Transcribe all the data below exactly, leaving its pictures out.

The input: Begin

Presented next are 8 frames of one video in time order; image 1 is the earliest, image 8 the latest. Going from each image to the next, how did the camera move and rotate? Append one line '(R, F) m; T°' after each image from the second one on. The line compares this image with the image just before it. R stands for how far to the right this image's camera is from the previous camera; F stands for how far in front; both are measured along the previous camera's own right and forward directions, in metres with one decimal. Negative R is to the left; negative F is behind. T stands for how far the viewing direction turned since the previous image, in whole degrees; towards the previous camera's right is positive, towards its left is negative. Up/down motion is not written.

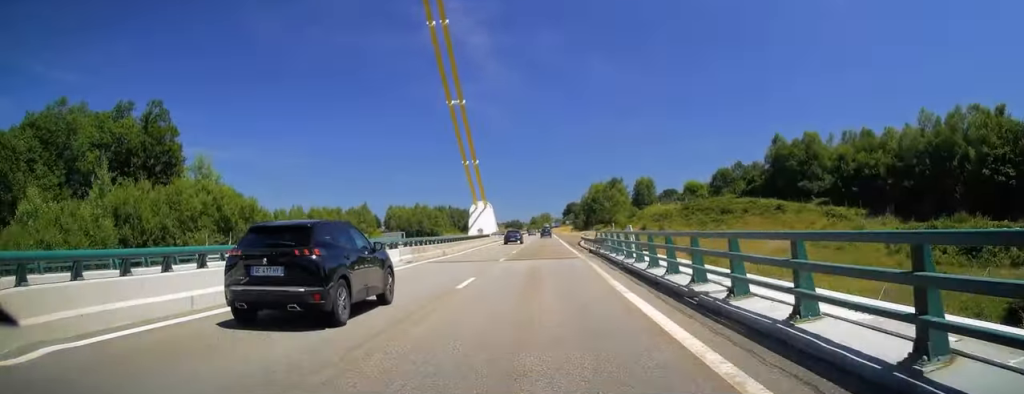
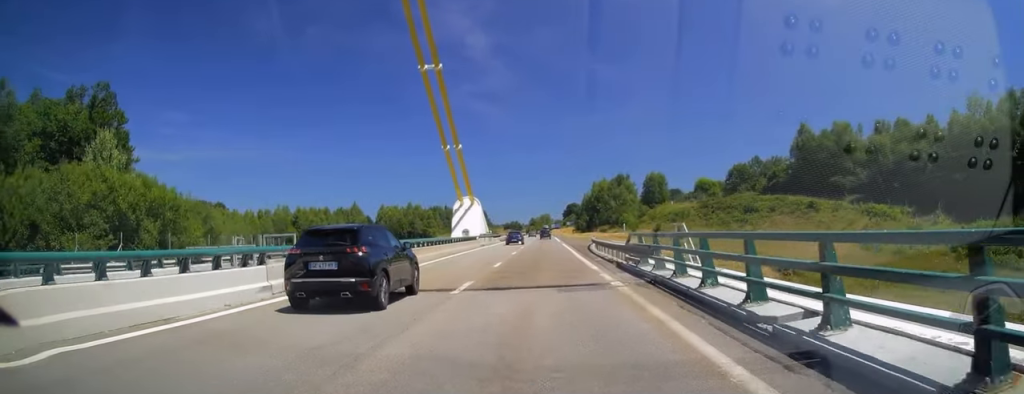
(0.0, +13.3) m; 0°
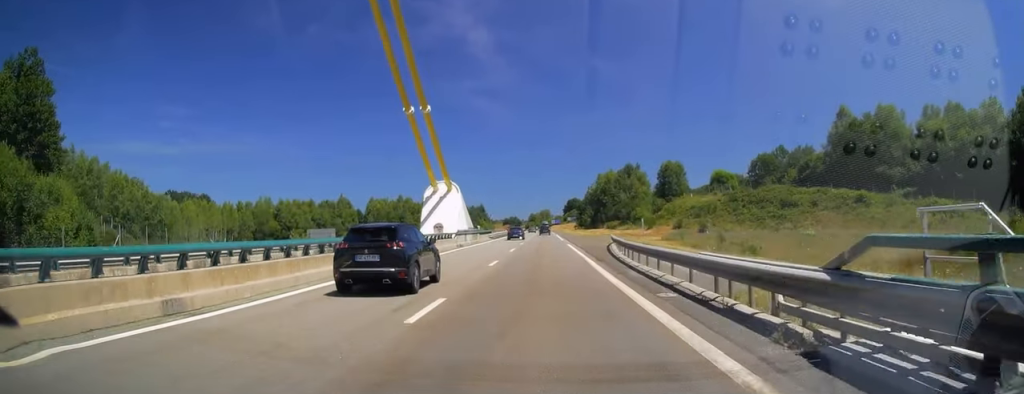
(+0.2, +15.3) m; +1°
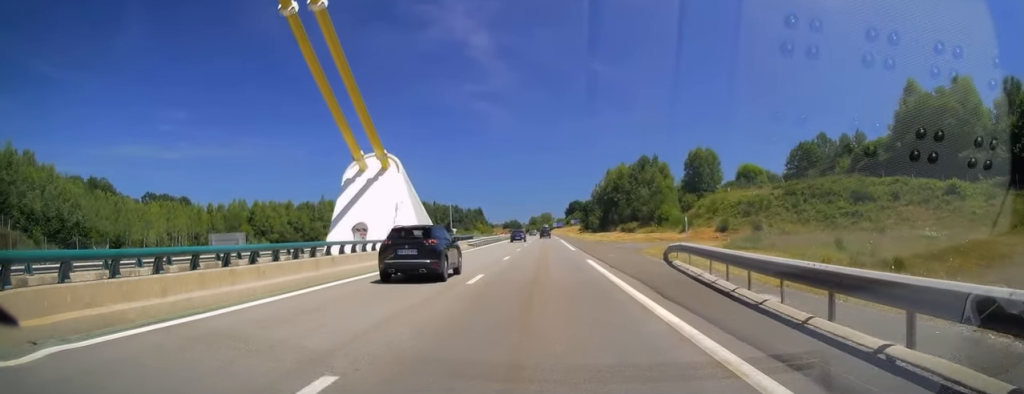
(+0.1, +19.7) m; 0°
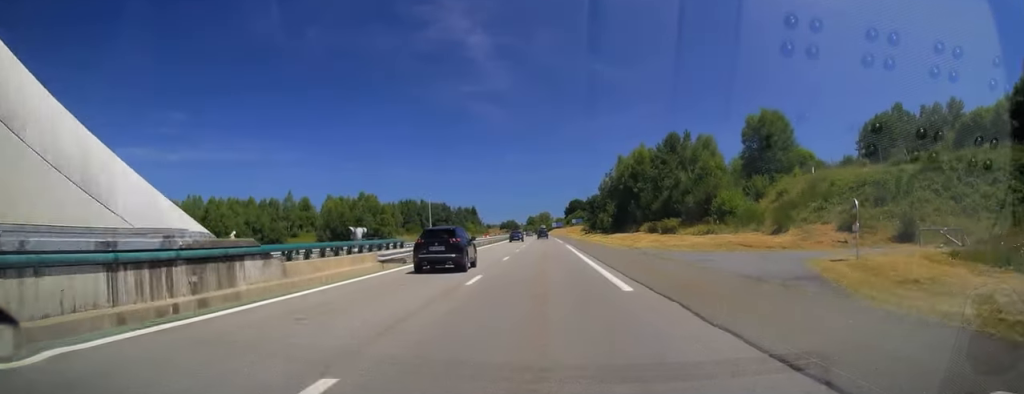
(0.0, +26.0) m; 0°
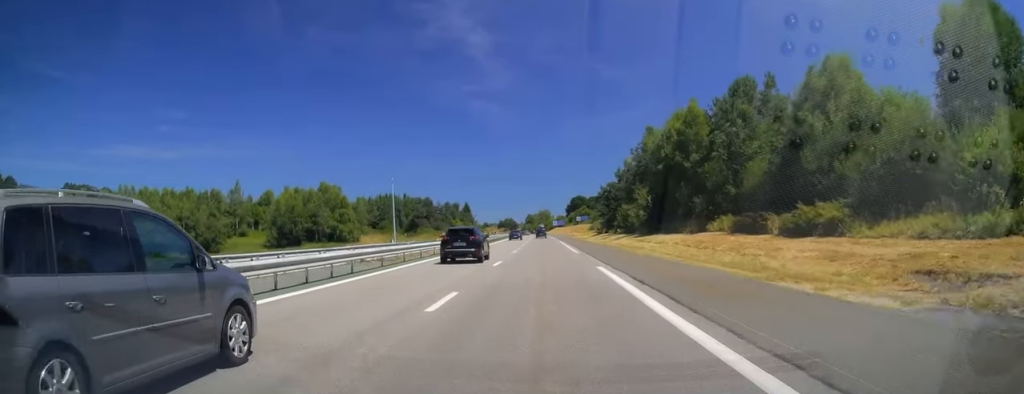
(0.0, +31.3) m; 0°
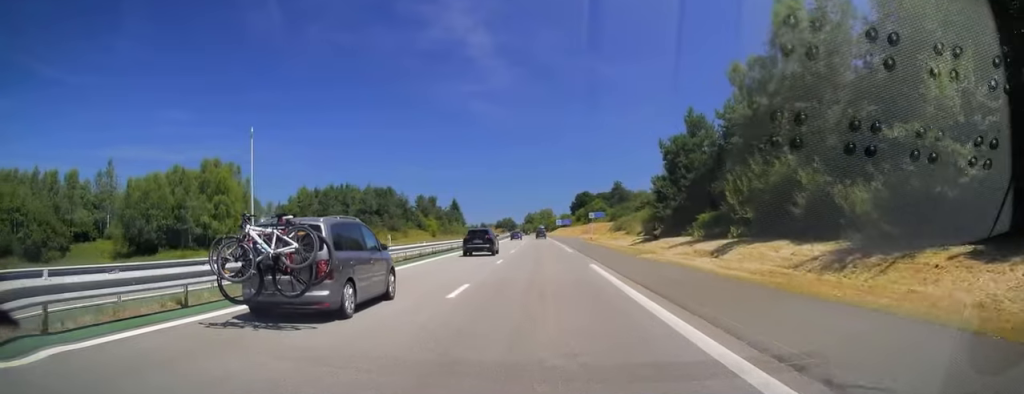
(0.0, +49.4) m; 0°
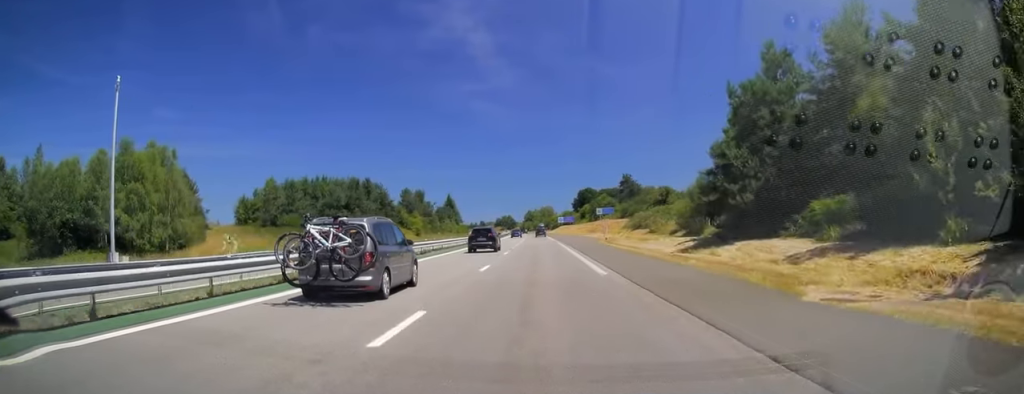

The input: End

• _Reply to the task_
Presented next are 8 frames of one video in time order; image 1 is the earliest, image 8 the latest. Going from each image to the next, how did the camera move and rotate? Append one line '(R, F) m; T°' after each image from the second one on. The line compares this image with the image just before it. R stands for how far to the right this image's camera is from the previous camera; F stands for how far in front; both are measured along the previous camera's own right and forward directions, in metres with one decimal. Negative R is to the left; negative F is behind. T stands for how far the viewing direction turned since the previous image, in whole degrees; towards the previous camera's right is positive, towards its left is negative. Up/down motion is not written.

(0.0, +13.3) m; 0°
(+0.2, +15.3) m; +1°
(+0.1, +19.7) m; 0°
(0.0, +26.0) m; 0°
(0.0, +31.3) m; 0°
(0.0, +49.4) m; 0°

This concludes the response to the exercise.